Nouvelle vie pour La Belle Vie

LA BELLE VIE – SAINT-HILAIRE-D’OZILHAN

Une maison gastronomique en Provence gardoise

Une renaissance entre vignes et mémoire

Il y a des maisons qui, sans faire de bruit, marquent une époque. Des lieux de vie, de fêtes, de souvenirs partagés. À Saint-Hilaire-d’Ozilhan, village baigné de lumière à deux pas du Pont du Gard, La Belle Vie appartient à cette catégorie rare. Aujourd’hui, cette adresse chargée d’histoires connaît une nouvelle jeunesse, sous l’impulsion d’un duo aussi discret que passionné : le chef étoilé Denis Martin et son épouse Joana.

Repris, restauré, repensé, l’établissement n’a rien perdu de son âme. Mieux, il a gagné en justesse et en caractère. Le projet, mûrement réfléchi, n’a rien d’un coup d’éclat.

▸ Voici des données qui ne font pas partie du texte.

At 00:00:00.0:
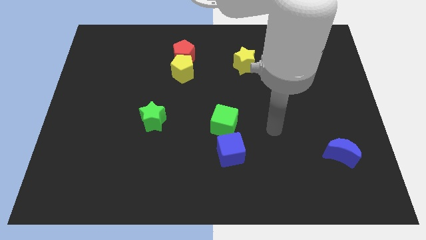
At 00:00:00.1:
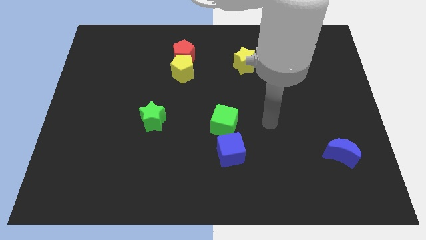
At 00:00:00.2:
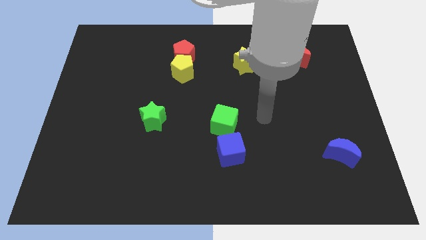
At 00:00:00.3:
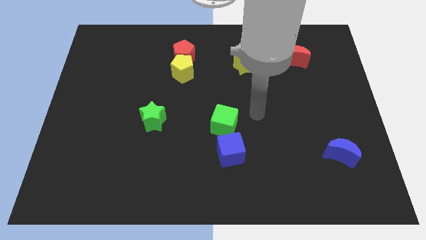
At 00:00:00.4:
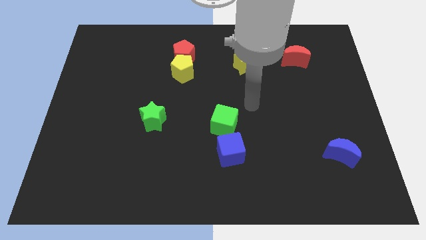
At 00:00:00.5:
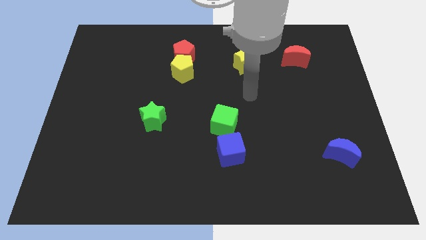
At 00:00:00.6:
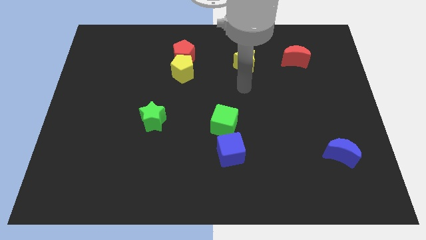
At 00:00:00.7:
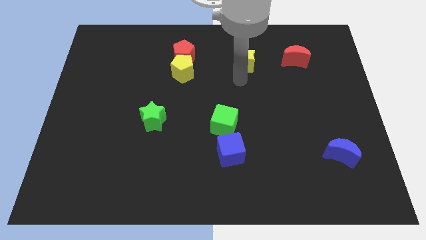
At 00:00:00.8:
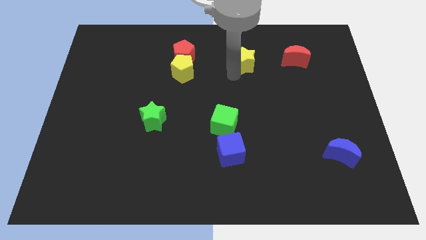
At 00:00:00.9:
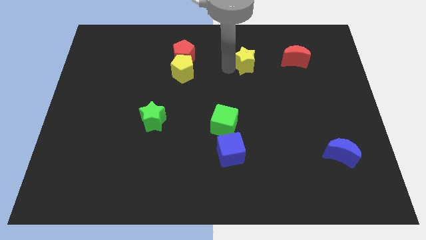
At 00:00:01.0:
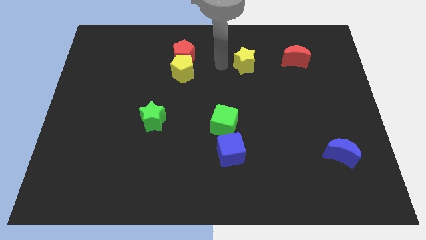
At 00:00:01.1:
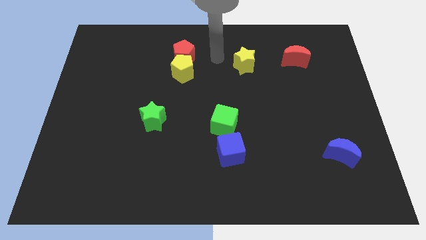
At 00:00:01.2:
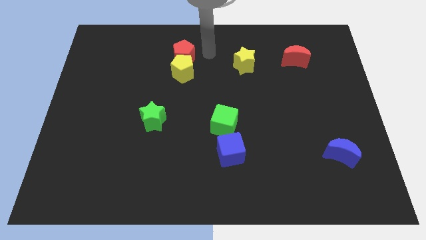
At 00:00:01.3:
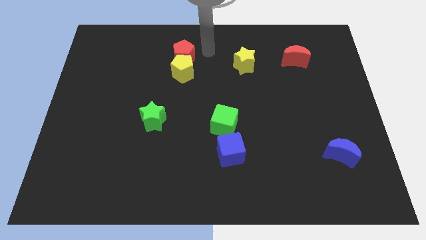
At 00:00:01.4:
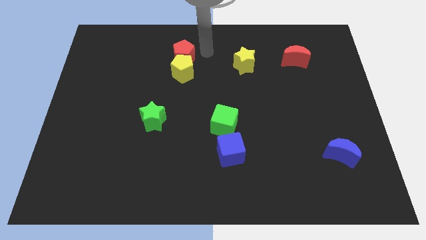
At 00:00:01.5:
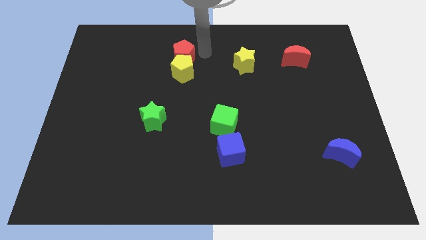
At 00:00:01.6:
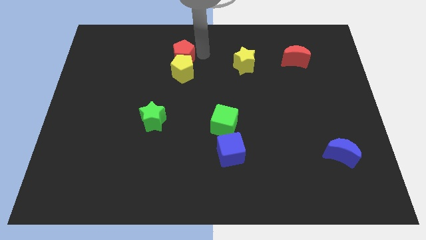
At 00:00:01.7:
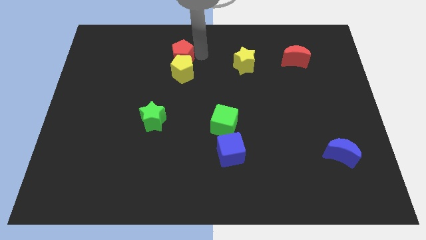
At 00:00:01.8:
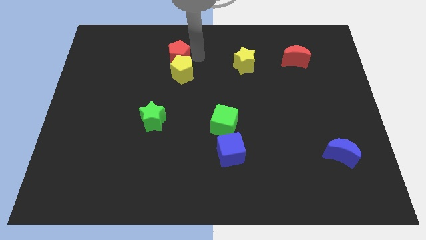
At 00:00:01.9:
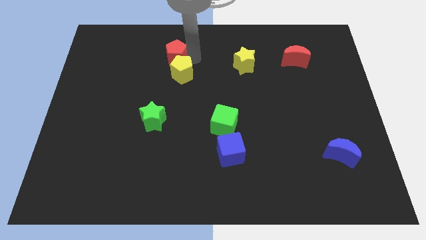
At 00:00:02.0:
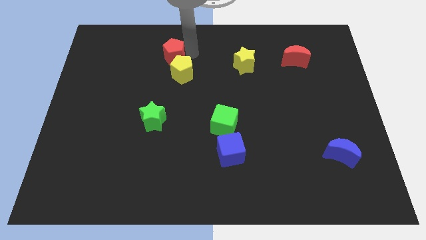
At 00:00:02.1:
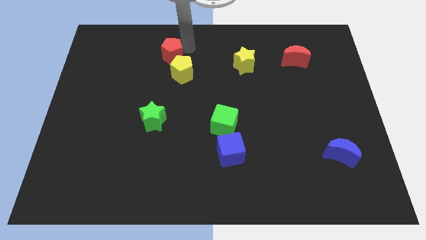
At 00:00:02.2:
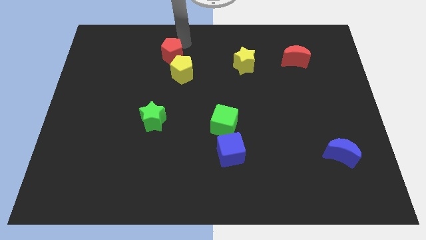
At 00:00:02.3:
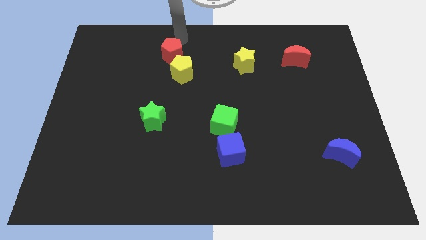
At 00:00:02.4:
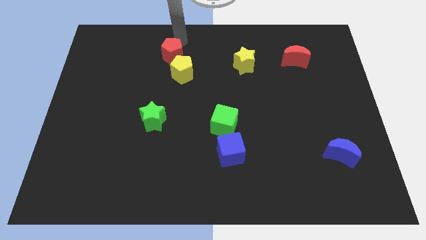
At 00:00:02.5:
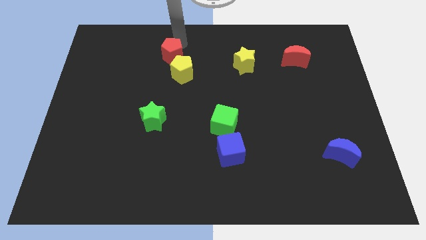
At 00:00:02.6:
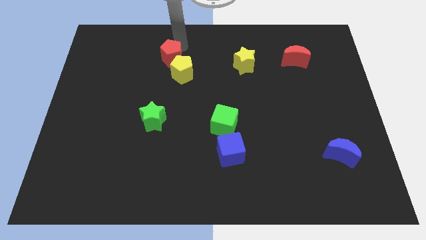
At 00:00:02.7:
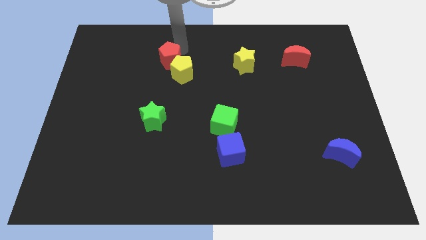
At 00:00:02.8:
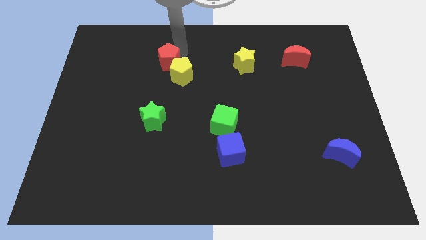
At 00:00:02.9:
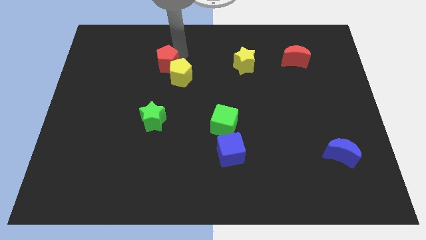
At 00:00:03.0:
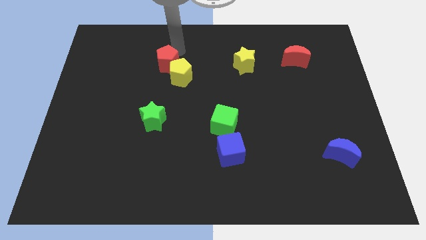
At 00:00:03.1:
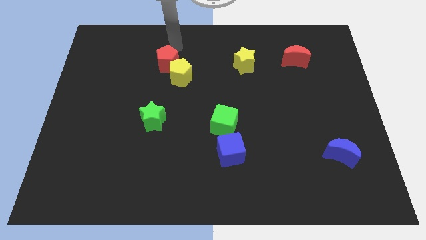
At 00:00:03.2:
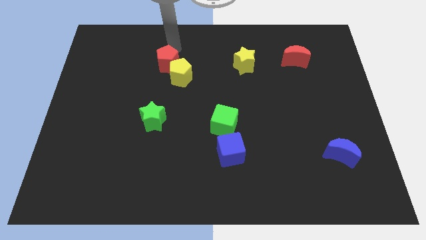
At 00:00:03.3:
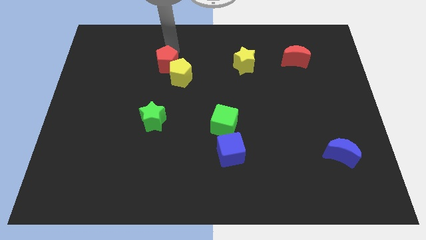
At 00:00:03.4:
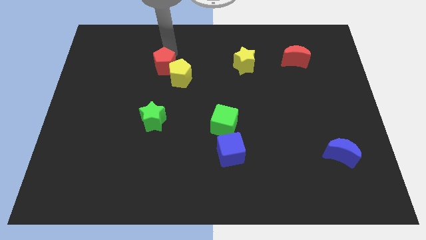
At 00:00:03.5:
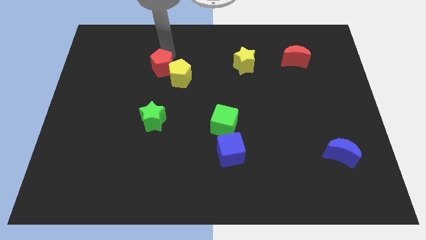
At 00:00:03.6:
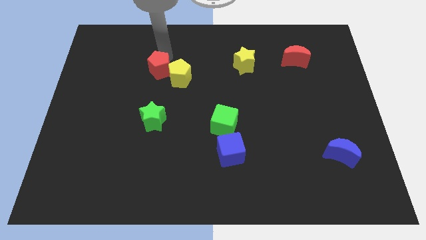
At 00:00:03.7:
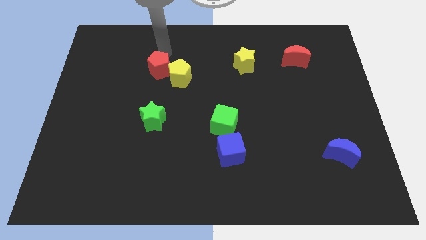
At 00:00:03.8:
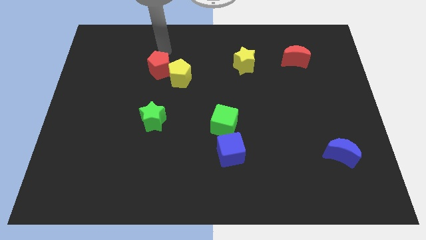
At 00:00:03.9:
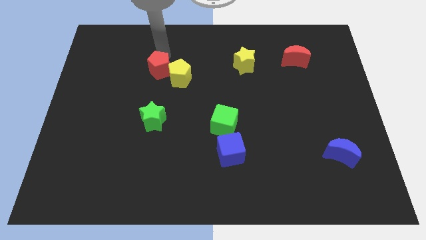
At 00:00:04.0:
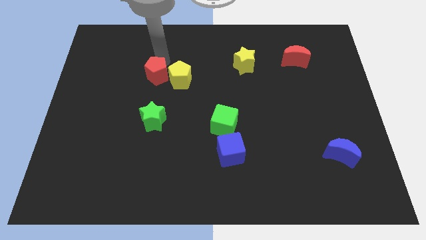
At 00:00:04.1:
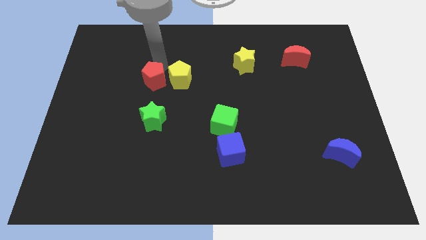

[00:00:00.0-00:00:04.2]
put the red pentagon to the bottom left side of the yellow pentagon

Il s’inscrit dans la durée, avec la volonté d’offrir une expérience sincère, à taille humaine, au croisement du goût, de l’hospitalité et du terroir.

L’hôtel : vivre la douceur du Sud

Le lieu, à lui seul, mérite le détour. Derrière les murs épais d’une bâtisse du XIXe siècle, neuf chambres et suites — vastes, lumineuses, ouvertes sur la nature — accueillent les voyageurs en quête de calme et d’élégance. Les matériaux sont bruts, les couleurs douces, le confort feutré.

Deux piscines, un petit jardin paysager, des coins de lecture ou de sieste sous les platanes : ici, on ralentit, on respire, on savoure. Chaque espace est pensé comme un refuge. On y vient pour un week-end amoureux, une étape sur la route du Sud, ou tout simplement pour s’offrir une parenthèse. Une vraie maison, pas un hôtel formaté.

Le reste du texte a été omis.